Ch01 MNPEF / MPF310033

Protocolo de Curadoria Científica

1. Enquadramento Estratégico: Curadoria como Pilar

A curadoria científica transcende a busca bibliográfica; ela é um ativo estratégico indispensável. A transição do "aprender a clicar" para o "aprender a curar" eleva a prática pedagógica para uma intervenção intelectual fundamentada.

O Plano de Ensino deve ser usado como um Organizador Prévio para prevenir a sobrecarga cognitiva. Com essa âncora, cada artigo conecta-se a um subsunçor específico, conferindo propósito à investigação.

2. Fundamentação Teórica: TICs e a Ponte de Ausubel

As TICs devem operar como mediadoras, nunca como fins em si mesmas (Angotti et al., 2012). O papel mediador da tecnologia atua na Zona de Desenvolvimento Proximal, unindo o domínio conceitual ao metodológico do futuro Diagrama V de Gowin.

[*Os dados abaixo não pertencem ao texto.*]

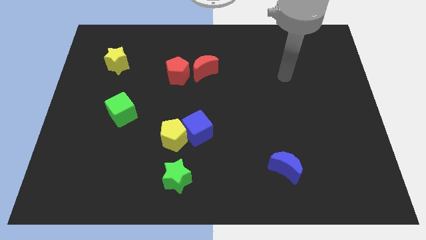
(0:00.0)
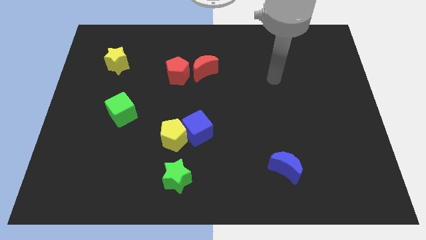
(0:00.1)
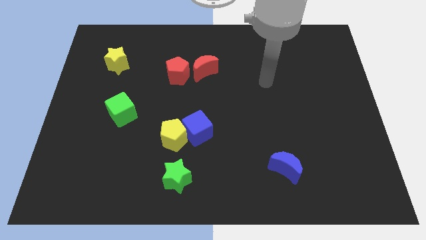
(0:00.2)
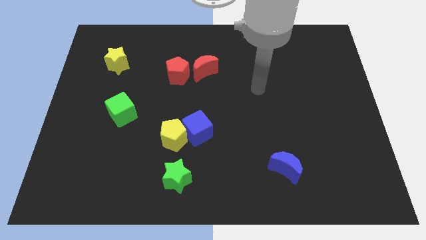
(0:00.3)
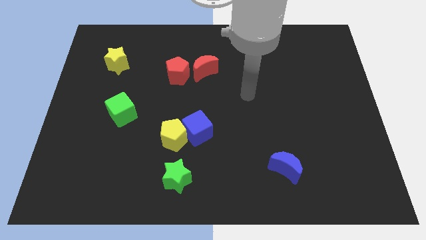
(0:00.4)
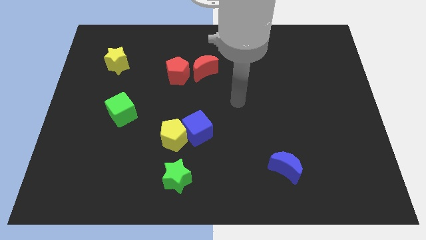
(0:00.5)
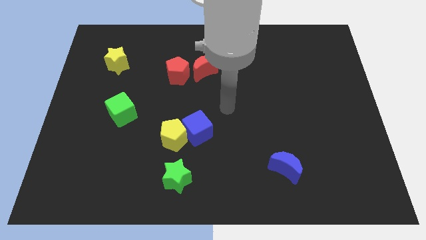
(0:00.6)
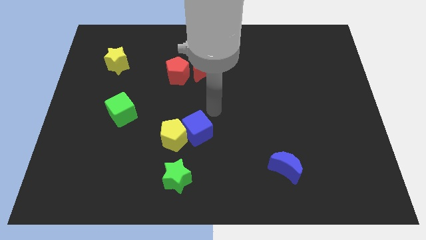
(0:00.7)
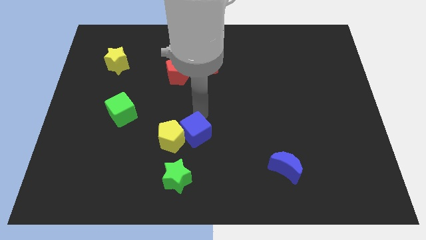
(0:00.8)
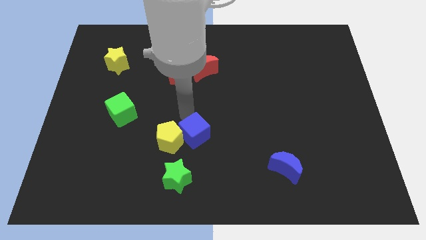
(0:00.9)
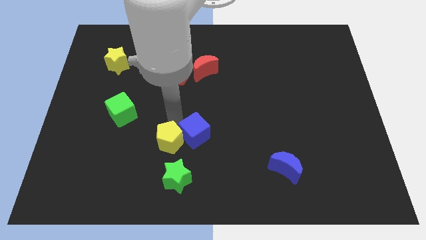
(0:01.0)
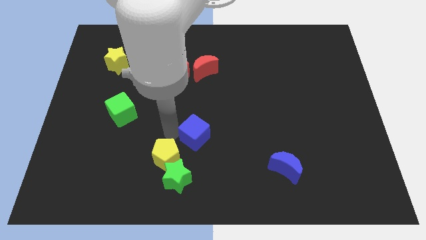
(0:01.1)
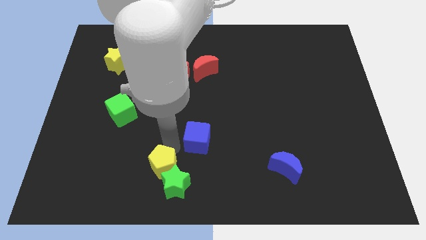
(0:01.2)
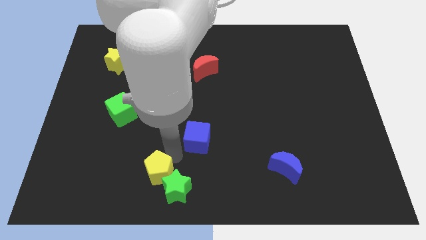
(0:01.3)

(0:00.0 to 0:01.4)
pull the blue cube apart from the yellow pentagon

3. Metodologia de "Garimpo Científico"

O desafio "Mineradores de Ouro" visa localizar artigos Qualis A que validem a sequência didática.

Dimensão Busca Genérica Garimpo Qualificado
Volume Excessivo e ruidoso Filtrado e focalizado
Qualidade Blogs e informais Periódicos Qualis A
Tempo Baixa economia Alta eficiência
Confiabilidade Incerta Robustez metodológica

4. Filtros de Excelência: Segurança Epistemológica

A escolha por periódicos Qualis A (RBEF, CBEF, Física na Escola) garante a segurança necessária para o exercício docente, protegendo alunos de abordagens cientificamente imprecisas.

5. Identificação de Lacunas de Aprendizagem

O pesquisador deve extrair a "Pergunta-Foco": qual obstáculo conceitual o aluno enfrentava e como a tecnologia atuou como mediador necessário? Essa identificação é o motor do Diagrama V de Gowin.

6. Do Garimpo ao Pitch

A defesa pública ocorre no "Pitch de Achados" (60 segundos). O produto final é uma lista com links diretos, referências normatizadas e a justificativa de potencial correlacionada à lacuna detectada.

Ao concluir este protocolo, o docente deixa de ser um usuário passivo e assume a posição de Curador de Conhecimento.